Compramos los tickets en una agencia local, aunque también pueden conseguirse directamente por Internet en la web de IRCTC (la Renfe de la India) o Cleartrip. En la propia estación también se pueden comprar, aunque en una agencia te asesorarán mejor, especialmente si se trata de tu primer viaje. y no quieres hacer largas colas en las bulliciosas estaciones de tren indias.
Partimos de la estación de tren de Agra y nos instalamos en nuestro asiento, entre dos jóvenes locales que “cortejaban” a mi amiga y un padre junto a un hijo con problemas cuya tierna relación guardo como el recuerdo más especial de aquel viaje.
En cuando el tren arranca sientes que, de repente, entras en dos mundos muy diferentes: el que queda al otro lado de los barrotes, tan fugaz, colorido y orgánico, y el del tren, cuyos pasillos se convierten en una especie de mercadillo  pasado por un filtro exótico: mujeres con canastos de fruta, otras que incluso te leerán la mano y hombres que venden samosas (esos triángulos de verduras típicos), peluches y hasta pasta de dientes.

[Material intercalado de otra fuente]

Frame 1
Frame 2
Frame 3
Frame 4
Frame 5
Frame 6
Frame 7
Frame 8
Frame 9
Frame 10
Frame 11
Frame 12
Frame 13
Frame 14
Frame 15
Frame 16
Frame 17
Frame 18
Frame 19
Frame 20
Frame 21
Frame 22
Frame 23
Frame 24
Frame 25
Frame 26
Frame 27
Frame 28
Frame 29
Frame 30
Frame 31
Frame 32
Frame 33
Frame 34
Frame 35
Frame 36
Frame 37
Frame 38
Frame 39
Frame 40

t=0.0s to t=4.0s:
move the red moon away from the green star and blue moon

De hecho, se dice que muchos pagan un billete de tren de un lado a otro a fin de rentabilizar su viaje. Algunos, directamente, se cuelan dentro.
En las paradas, algunos comerciantes entran y otros se apean, ofreciéndote incluso sus productos a través de la ventana, especialmente un chai tea que nunca falta y que se convierte en una especie de droga, quizás porque cada diez minutos escuchas el típico Chai! Chai! recorriendo los pasillos y sólo cuesta 5 rupias. Un gusto para los sentidos que disfrutas cómodamente desde tu asiento mientras regalas momentos para contemplar mejor los paisajes entre los vagones o ir al baño, una estancia en la que antes de llegar al “agujero” debes sortear charcos de agua de color cuestionable, convirtiéndose en una especie de aventura en sí misma.

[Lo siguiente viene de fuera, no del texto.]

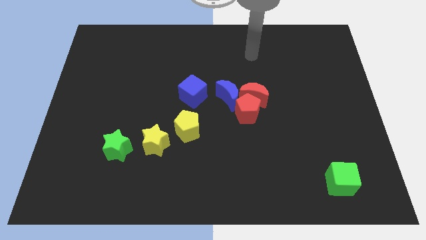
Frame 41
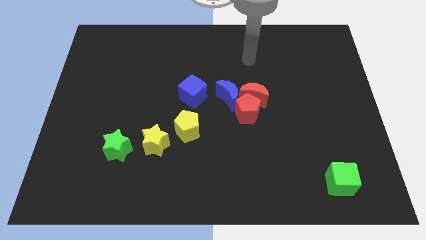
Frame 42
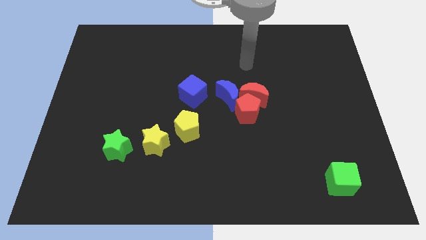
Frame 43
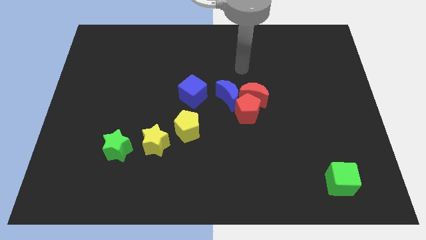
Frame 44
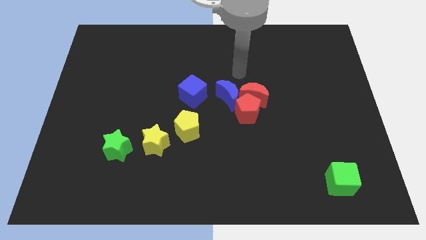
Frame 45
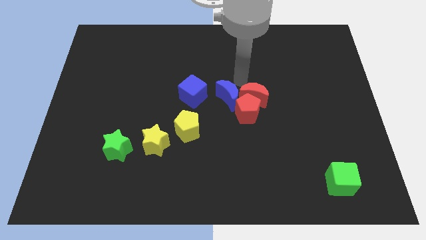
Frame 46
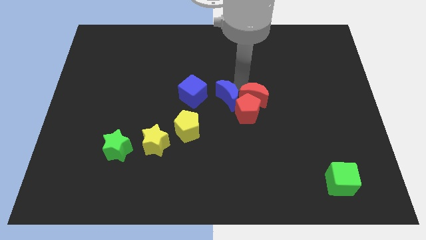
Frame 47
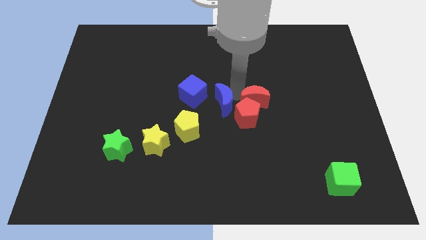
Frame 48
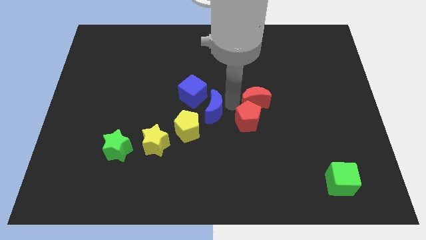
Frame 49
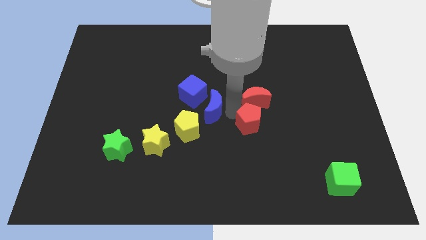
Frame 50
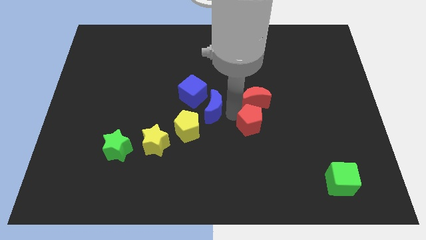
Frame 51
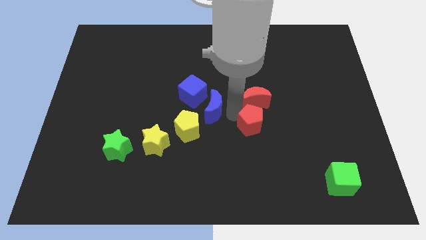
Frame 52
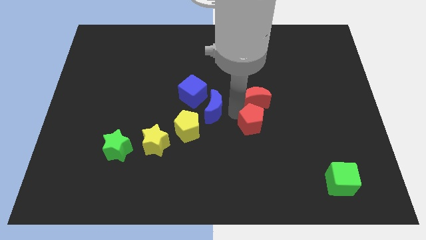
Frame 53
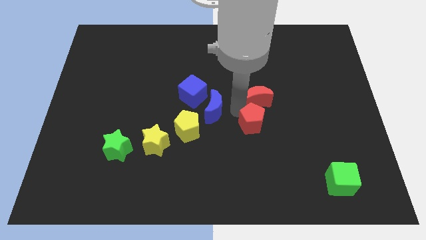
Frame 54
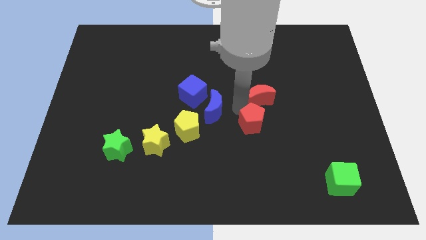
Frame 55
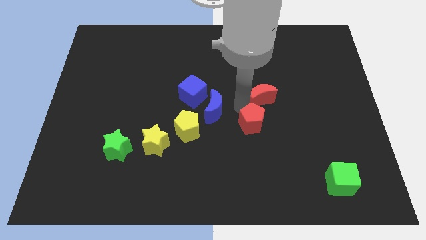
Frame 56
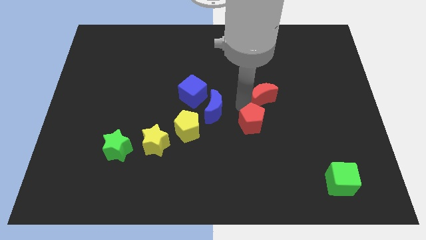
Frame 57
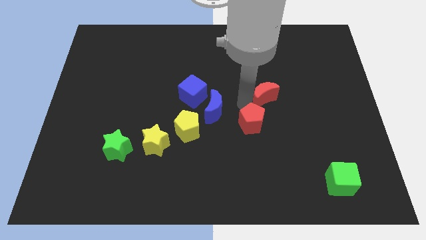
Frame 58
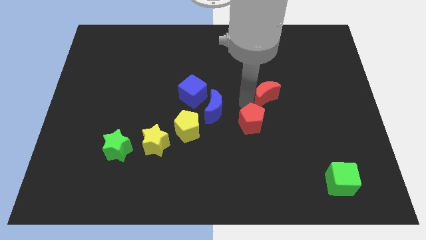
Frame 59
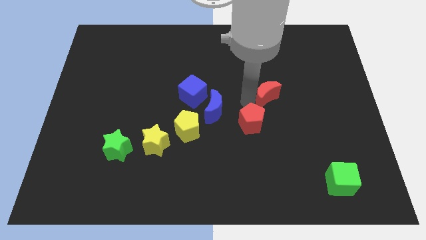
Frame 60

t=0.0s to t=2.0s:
move the red moon away from the red pentagon and blue moon

A la hora de dormir en un tren de la India, si te toca la litera más alta estarás de suerte, y si te tomas medio Valium (dormir en cualquier medio de transporte nunca fue lo mío), mucho mejor. Ya sabéis, con la mochila de almohada, que nunca se sabe. En ocasiones algo te despertará, e irás a asomarte por una de las entradas viendo los escenarios indios pasar ante ti, a toda vela, de forma mágica.

De hecho, en algún momento el tren se detuvo, no se por qué, y hubo un gran silencio en los pasillos. Me asomé por mi rincón secreto entre los vagones y me quedé allí, solo, escuchando los sonidos de la selva que abrazaba las vías del tren, mientras a los costados del tren un hombre cabizbajo recogía botellas de plástico y las metía en una bolsa de basura.

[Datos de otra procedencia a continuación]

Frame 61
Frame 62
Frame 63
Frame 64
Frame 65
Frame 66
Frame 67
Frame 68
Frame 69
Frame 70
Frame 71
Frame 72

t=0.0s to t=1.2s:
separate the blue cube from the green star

También he de decir que, a pesar del conglomerado de gente que albergan estos trenes, en su gran mayoría suelen ser seguros. Los indios puede que traten de pedirte dinero, soltarte halagos y venderte algo, pero en su mayoría son personas con buena conversación, que no dudarán en preguntarte o contestarte a alguna consulta o, por supuesto, hacerte ver que ellos también comprenden la cultura occidental al dedillo.
Y así, entre charla y charla, reflexiones, mujeres con saris que surcaban los campos y hombres que ven la vida pasar fuimos testigos del contraste de Uttar Pradesh, su clima más frío y los páramos salpicados de arrozales, hasta llegar al mar de palmeras que inunda Goa, ese paraíso hippie donde no faltan iglesias portuguesas y fiestas trance made in India a las que yo no me atreví a ir.
A los veinte minutos llegamos a Panaji, dejando atrás a ese padre que sonreía a su hijo todo el tiempo mientras nosotros nos despegamos de aquel tren en que hicimos un viaje que nunca volveríamos a repetir. Un mundo dentro de otro mundo donde nos esperaba un rickshaw dispuestos a llevarnos hasta la profundidad de la selva.
Si estás pensando en viajar a la India, cruzarla en tren es el primero de los mandamientos de ese decálogo ficticio de la India que debes tener presente.
Posiblemente, una de las mejores experiencias viajeras del mundo.